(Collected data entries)
+---+

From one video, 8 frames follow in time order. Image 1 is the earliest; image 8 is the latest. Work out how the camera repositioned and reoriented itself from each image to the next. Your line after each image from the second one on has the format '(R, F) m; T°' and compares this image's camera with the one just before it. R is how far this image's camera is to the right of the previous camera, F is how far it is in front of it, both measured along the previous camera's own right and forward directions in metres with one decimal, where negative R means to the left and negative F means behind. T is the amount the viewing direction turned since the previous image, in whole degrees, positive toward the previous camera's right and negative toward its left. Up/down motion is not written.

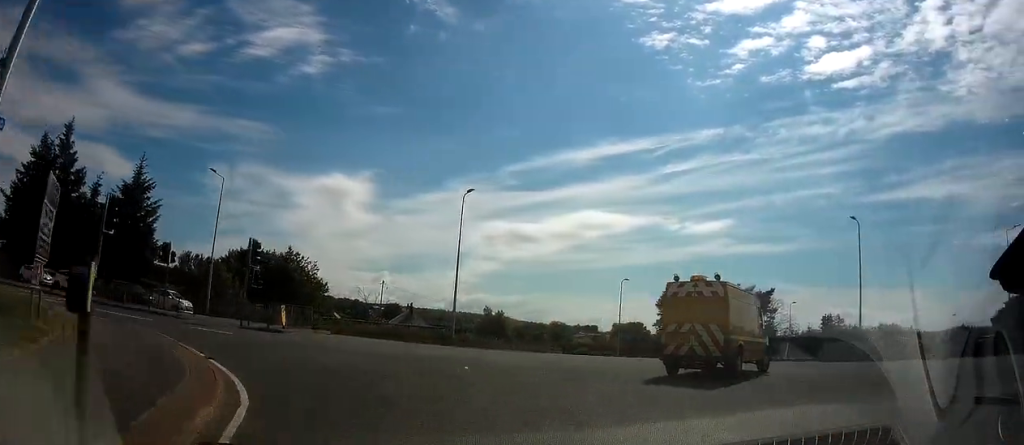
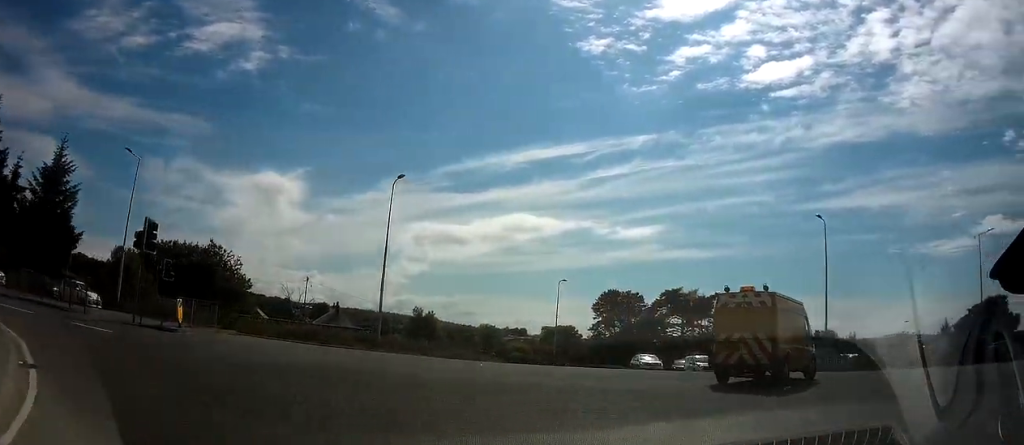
(+1.2, +3.4) m; +1°
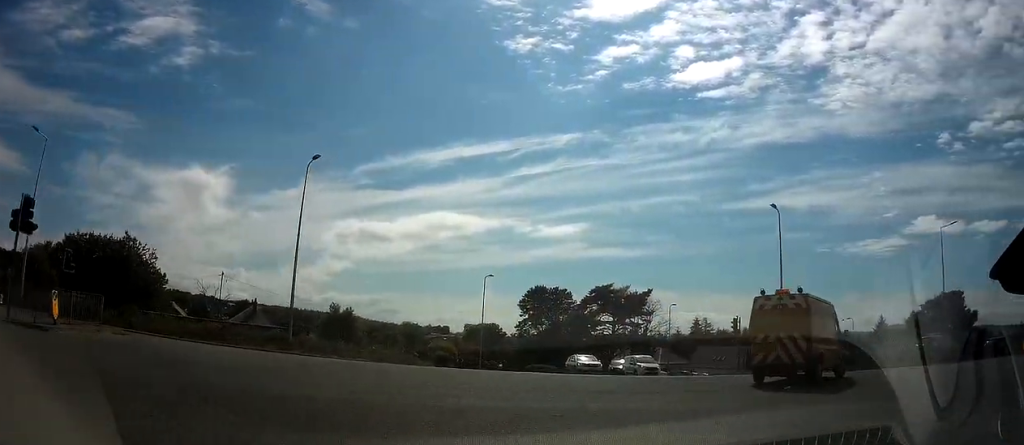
(+0.5, +3.0) m; +1°
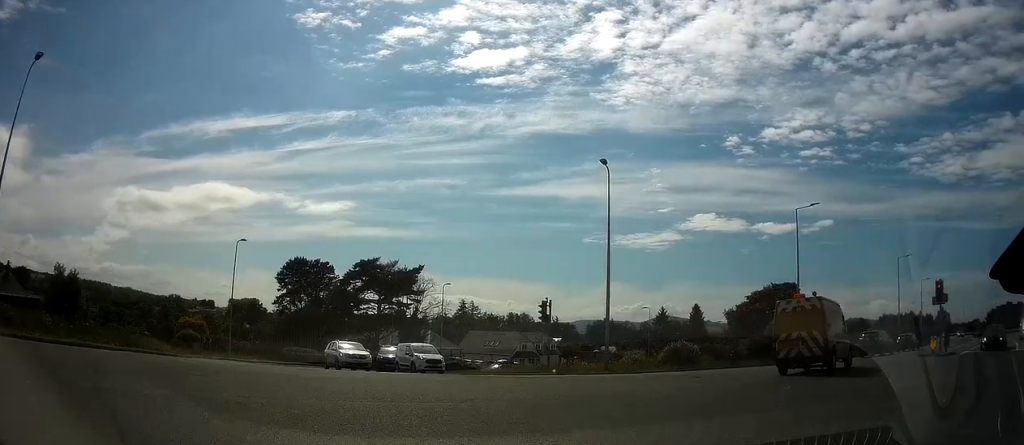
(-0.5, +7.7) m; +12°
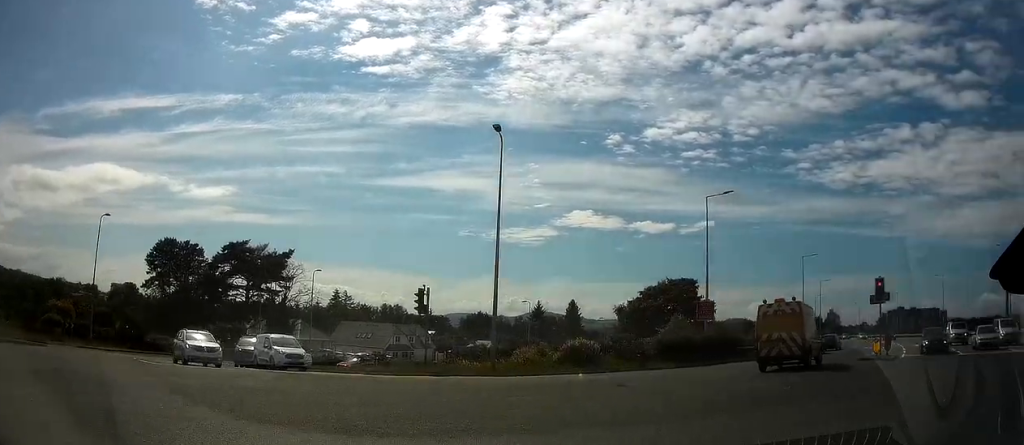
(+0.8, +4.0) m; +12°
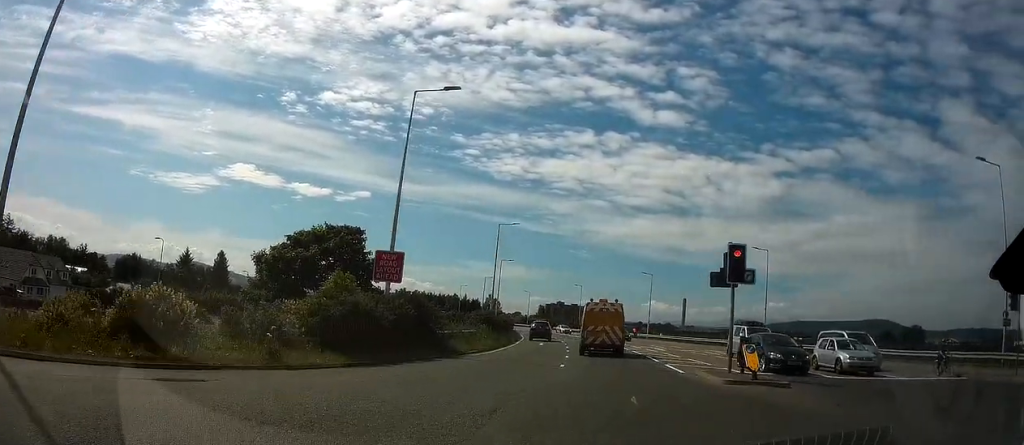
(+2.4, +13.3) m; +44°
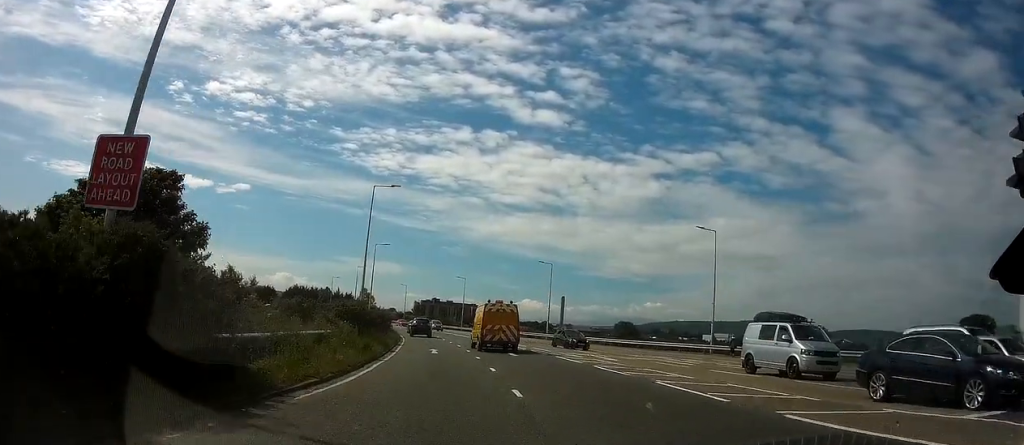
(+5.0, +12.0) m; +22°
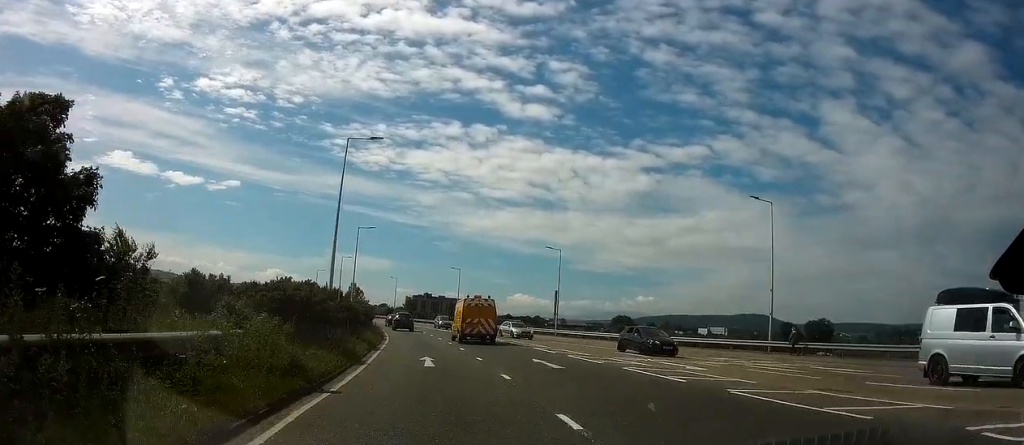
(-0.8, +10.4) m; -4°

+---+

- **What you should do**: Every entry above should come back exactly as written, except for its pictures.

- **Expected answer**:
From one video, 8 frames follow in time order. Image 1 is the earliest; image 8 is the latest. Work out how the camera repositioned and reoriented itself from each image to the next. Your line after each image from the second one on has the format '(R, F) m; T°' and compares this image's camera with the one just before it. R is how far this image's camera is to the right of the previous camera, F is how far it is in front of it, both measured along the previous camera's own right and forward directions in metres with one decimal, where negative R means to the left and negative F means behind. T is the amount the viewing direction turned since the previous image, in whole degrees, positive toward the previous camera's right and negative toward its left. Up/down motion is not written.

(+1.2, +3.4) m; +1°
(+0.5, +3.0) m; +1°
(-0.5, +7.7) m; +12°
(+0.8, +4.0) m; +12°
(+2.4, +13.3) m; +44°
(+5.0, +12.0) m; +22°
(-0.8, +10.4) m; -4°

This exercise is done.